What needs to be done: Please retype, unchanged, each line from the top of the material below through the line where "Options: above, below" appears.

<<<<

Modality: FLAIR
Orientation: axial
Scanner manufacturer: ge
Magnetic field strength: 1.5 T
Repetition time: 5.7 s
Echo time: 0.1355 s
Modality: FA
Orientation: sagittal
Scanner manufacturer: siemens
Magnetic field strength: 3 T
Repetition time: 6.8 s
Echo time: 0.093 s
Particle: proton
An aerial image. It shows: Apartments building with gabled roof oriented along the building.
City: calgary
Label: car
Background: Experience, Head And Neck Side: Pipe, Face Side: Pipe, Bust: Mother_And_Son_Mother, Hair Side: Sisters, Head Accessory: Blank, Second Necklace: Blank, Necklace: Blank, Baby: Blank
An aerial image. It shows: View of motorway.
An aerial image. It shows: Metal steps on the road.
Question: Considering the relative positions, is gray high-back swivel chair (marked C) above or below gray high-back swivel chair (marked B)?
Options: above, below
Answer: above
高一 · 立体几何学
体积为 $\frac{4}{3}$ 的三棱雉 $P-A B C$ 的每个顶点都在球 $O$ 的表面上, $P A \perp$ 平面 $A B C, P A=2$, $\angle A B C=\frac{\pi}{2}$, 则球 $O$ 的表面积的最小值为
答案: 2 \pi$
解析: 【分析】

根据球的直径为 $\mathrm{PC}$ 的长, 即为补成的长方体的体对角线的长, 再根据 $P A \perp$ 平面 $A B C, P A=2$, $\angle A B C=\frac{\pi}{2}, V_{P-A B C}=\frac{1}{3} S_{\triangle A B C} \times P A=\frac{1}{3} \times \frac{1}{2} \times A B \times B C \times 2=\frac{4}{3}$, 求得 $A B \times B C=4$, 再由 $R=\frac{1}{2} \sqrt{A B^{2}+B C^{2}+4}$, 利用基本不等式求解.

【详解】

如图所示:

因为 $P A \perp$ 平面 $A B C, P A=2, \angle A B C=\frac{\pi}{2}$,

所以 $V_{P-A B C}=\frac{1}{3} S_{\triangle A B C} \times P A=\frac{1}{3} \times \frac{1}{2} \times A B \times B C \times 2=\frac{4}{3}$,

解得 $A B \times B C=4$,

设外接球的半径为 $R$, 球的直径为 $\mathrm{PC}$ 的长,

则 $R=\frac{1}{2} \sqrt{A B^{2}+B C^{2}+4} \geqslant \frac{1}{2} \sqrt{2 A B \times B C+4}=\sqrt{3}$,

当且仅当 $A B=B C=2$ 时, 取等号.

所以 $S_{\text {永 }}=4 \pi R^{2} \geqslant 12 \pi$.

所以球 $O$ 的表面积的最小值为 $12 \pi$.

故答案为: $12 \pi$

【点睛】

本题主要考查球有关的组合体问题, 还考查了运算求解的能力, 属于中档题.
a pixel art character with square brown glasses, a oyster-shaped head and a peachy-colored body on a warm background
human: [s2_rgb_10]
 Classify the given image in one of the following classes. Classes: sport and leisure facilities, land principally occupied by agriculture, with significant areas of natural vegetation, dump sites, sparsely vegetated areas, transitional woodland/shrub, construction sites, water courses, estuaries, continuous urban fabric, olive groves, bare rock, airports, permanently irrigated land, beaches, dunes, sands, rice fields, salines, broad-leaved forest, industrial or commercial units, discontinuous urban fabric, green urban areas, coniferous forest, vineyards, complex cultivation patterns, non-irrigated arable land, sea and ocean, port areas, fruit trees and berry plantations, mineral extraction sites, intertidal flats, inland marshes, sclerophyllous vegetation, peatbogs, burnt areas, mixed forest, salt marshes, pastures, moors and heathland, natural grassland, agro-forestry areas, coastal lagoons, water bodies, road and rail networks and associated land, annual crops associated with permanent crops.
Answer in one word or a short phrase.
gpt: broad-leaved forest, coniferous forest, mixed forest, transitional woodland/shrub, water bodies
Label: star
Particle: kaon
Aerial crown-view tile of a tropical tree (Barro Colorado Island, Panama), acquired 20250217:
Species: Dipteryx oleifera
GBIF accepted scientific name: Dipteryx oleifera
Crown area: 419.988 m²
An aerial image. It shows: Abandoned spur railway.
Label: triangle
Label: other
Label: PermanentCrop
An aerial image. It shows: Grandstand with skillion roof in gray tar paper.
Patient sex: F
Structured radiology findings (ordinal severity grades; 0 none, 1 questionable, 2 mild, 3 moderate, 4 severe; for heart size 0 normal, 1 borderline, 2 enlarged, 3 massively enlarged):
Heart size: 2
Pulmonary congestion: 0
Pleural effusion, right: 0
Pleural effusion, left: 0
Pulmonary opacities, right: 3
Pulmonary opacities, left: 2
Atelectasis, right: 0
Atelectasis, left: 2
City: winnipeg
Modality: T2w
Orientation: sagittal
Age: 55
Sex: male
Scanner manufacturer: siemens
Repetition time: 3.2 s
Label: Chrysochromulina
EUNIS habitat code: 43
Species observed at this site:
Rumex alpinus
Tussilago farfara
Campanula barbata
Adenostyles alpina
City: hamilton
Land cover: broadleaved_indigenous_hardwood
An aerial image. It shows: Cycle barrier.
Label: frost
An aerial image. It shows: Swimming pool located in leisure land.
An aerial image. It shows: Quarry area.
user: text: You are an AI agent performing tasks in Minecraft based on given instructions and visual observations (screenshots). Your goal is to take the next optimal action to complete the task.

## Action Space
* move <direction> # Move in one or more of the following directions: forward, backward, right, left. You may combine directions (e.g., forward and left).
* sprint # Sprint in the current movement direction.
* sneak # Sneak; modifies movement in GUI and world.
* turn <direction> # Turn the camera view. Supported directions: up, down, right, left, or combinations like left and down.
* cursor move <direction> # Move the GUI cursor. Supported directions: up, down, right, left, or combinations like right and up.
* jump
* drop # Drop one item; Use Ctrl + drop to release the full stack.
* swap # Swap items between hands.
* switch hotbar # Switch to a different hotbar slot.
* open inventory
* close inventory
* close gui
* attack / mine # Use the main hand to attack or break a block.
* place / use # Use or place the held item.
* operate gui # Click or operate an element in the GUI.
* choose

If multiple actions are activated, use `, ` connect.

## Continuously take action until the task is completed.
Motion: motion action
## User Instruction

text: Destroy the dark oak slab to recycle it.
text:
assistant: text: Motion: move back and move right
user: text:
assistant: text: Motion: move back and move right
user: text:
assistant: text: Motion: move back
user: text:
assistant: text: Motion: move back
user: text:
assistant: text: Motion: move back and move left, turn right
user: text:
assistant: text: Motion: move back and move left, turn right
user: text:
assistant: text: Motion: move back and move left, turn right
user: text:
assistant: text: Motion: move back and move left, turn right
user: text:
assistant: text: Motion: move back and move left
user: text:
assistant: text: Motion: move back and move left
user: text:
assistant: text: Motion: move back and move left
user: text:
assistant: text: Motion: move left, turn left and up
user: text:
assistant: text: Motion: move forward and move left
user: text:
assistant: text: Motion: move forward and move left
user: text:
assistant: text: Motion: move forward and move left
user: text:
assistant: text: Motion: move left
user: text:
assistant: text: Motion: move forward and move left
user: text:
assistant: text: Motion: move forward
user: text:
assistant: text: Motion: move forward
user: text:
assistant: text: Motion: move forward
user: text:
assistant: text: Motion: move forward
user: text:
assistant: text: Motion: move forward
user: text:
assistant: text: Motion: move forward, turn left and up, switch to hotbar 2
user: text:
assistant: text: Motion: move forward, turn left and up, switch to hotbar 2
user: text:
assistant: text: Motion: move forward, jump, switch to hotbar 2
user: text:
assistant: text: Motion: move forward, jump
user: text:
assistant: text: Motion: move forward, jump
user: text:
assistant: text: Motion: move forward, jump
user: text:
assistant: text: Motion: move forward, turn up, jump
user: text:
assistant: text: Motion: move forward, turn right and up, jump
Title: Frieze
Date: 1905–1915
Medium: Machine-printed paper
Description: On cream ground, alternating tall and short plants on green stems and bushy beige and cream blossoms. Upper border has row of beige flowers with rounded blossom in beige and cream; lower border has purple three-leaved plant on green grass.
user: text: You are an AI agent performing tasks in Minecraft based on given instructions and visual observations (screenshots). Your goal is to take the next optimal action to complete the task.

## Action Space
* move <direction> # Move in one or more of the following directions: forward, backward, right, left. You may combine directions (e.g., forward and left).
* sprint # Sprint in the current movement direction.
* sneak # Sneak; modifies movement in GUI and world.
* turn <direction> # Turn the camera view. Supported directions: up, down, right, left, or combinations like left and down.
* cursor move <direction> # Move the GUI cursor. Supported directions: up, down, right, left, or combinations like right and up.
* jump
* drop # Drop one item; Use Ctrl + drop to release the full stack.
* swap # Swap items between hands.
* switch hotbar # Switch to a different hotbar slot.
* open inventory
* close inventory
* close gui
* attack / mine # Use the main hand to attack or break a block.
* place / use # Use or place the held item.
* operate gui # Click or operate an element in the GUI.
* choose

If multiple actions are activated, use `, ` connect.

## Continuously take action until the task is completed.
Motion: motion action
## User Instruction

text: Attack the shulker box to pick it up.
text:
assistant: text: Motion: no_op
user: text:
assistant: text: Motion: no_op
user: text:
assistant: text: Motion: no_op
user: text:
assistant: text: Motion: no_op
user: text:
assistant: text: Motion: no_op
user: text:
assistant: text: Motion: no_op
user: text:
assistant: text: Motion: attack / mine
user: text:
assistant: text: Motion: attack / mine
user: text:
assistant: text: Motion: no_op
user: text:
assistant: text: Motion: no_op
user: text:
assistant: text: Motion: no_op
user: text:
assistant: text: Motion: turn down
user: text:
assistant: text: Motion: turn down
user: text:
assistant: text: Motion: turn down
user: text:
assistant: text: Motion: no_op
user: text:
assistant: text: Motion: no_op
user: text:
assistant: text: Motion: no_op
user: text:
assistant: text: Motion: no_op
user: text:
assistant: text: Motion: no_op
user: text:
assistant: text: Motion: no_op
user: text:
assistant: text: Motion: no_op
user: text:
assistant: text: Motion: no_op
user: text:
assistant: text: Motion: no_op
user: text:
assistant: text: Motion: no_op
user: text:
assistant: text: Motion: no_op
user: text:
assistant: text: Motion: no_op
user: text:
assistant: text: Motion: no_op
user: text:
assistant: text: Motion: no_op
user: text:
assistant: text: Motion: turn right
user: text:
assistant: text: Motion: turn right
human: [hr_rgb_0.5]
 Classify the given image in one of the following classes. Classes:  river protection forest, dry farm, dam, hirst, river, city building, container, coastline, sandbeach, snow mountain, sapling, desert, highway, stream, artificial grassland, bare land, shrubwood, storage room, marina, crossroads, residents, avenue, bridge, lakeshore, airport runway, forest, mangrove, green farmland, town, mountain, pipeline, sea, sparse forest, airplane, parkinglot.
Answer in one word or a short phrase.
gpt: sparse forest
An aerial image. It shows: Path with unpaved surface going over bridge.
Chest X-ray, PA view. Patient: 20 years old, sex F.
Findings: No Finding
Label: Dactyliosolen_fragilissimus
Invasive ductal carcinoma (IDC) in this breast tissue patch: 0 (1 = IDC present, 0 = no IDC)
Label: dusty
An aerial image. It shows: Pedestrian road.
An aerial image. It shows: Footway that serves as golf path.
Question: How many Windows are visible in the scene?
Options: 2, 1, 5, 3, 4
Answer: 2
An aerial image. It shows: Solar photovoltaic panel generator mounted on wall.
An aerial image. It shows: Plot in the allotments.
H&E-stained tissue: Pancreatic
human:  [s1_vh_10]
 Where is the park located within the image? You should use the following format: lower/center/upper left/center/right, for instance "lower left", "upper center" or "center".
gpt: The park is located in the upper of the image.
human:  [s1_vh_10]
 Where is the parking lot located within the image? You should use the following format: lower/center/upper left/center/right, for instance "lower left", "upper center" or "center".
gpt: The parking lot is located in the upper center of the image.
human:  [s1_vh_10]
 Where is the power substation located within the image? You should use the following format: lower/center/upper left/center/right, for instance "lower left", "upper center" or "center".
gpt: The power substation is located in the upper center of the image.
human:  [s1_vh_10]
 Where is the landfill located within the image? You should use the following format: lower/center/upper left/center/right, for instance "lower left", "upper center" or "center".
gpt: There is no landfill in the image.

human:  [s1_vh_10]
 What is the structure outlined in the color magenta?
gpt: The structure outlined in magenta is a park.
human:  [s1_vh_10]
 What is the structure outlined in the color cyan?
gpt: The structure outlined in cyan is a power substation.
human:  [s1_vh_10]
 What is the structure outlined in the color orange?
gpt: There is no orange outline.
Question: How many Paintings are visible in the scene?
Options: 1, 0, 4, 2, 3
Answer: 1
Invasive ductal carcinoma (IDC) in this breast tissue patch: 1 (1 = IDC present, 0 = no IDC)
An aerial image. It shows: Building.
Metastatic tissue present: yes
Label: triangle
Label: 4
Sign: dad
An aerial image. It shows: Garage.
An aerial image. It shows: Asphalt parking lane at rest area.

>>>>

Completed exercise:
Modality: FLAIR
Orientation: axial
Scanner manufacturer: ge
Magnetic field strength: 1.5 T
Repetition time: 5.7 s
Echo time: 0.1355 s
Modality: FA
Orientation: sagittal
Scanner manufacturer: siemens
Magnetic field strength: 3 T
Repetition time: 6.8 s
Echo time: 0.093 s
Particle: proton
An aerial image. It shows: Apartments building with gabled roof oriented along the building.
City: calgary
Label: car
Background: Experience, Head And Neck Side: Pipe, Face Side: Pipe, Bust: Mother_And_Son_Mother, Hair Side: Sisters, Head Accessory: Blank, Second Necklace: Blank, Necklace: Blank, Baby: Blank
An aerial image. It shows: View of motorway.
An aerial image. It shows: Metal steps on the road.
Question: Considering the relative positions, is gray high-back swivel chair (marked C) above or below gray high-back swivel chair (marked B)?
Options: above, below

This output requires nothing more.